The secrets of the brotherhood

SHOW DECK
STORY
More than a dozen people have disappeared in recent years from the wooded, unincorporated terrain outside the Oklahoma City metro area, a rural haven for drug traffickers. Some families say they’re scared to call police or even to put up “missing person” signs because they suspect the involvement of violent white supremacist prison gangs.
Behind the 10-foot metal walls of a compound in Oklahoma with links to the Universal Aryan Brotherhood, a white-supremacist prison gang, officers found what they believe to be a body dumping ground where multiple people ended up dismembered and burned, according to four Oklahoma officials with knowledge of the investigation. They spoke on the condition of anonymity because of the extraordinary security precautions around the case.

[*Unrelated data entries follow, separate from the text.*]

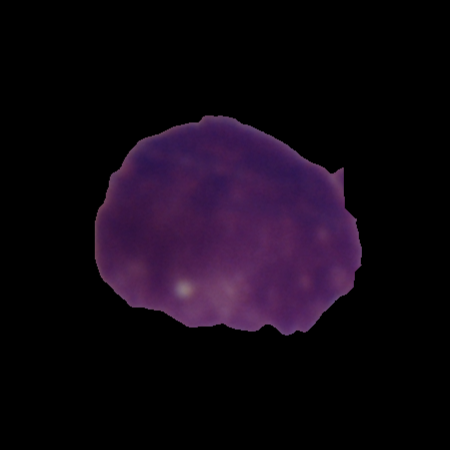
Label: cancer
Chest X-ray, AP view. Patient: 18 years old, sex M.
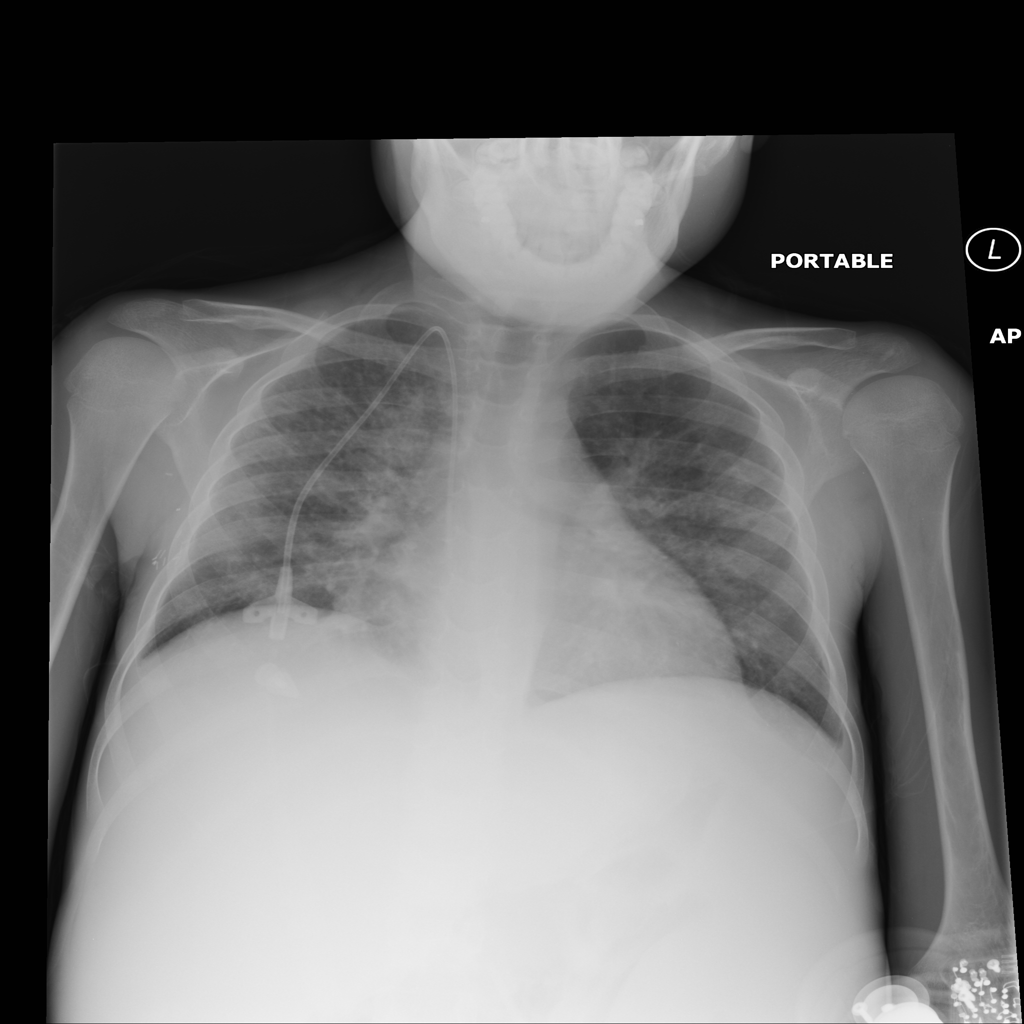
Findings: Nodule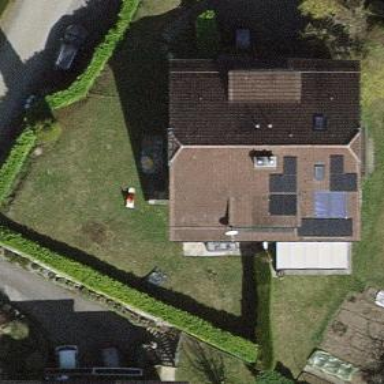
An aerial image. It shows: Simple house.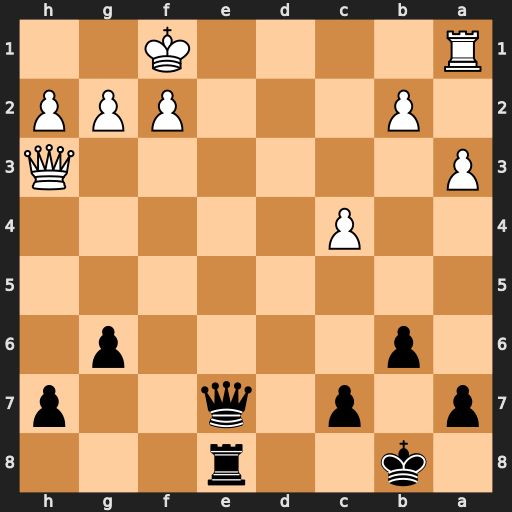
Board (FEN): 1k2r3/p1p1q2p/1p4p1/8/2P5/P6Q/1P3PPP/R4K2
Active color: b
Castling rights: -
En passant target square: -
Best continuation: Qe2+ Kg1 Qe1+ Rxe1 Rxe1#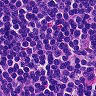
Metastatic tissue present: no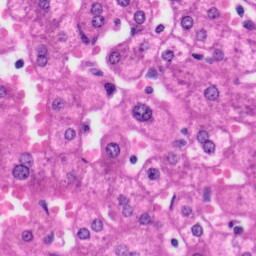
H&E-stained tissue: Liver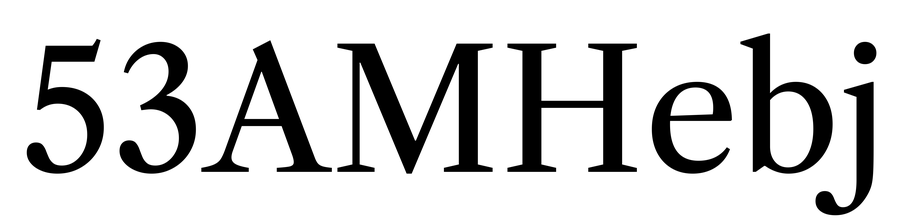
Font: LibreCaslonText_Regular

The Oklahoma State Bureau of Investigation, or OSBI, which is leading the multi-agency state and federal probe, confirms that remains have been found but will not say how many. A report in 2022 in the Oklahoman newspaper, the first news of the discovery, quoted the state medical examiner and other sources as saying agents were investigating “whether a white supremacist prison gang is behind nine or more disappearances” after the discovery of “the comingled remains of ossibly three people.” The report said remains also were found at a second site, near an oil well about 18 miles away in the tiny town of Luther.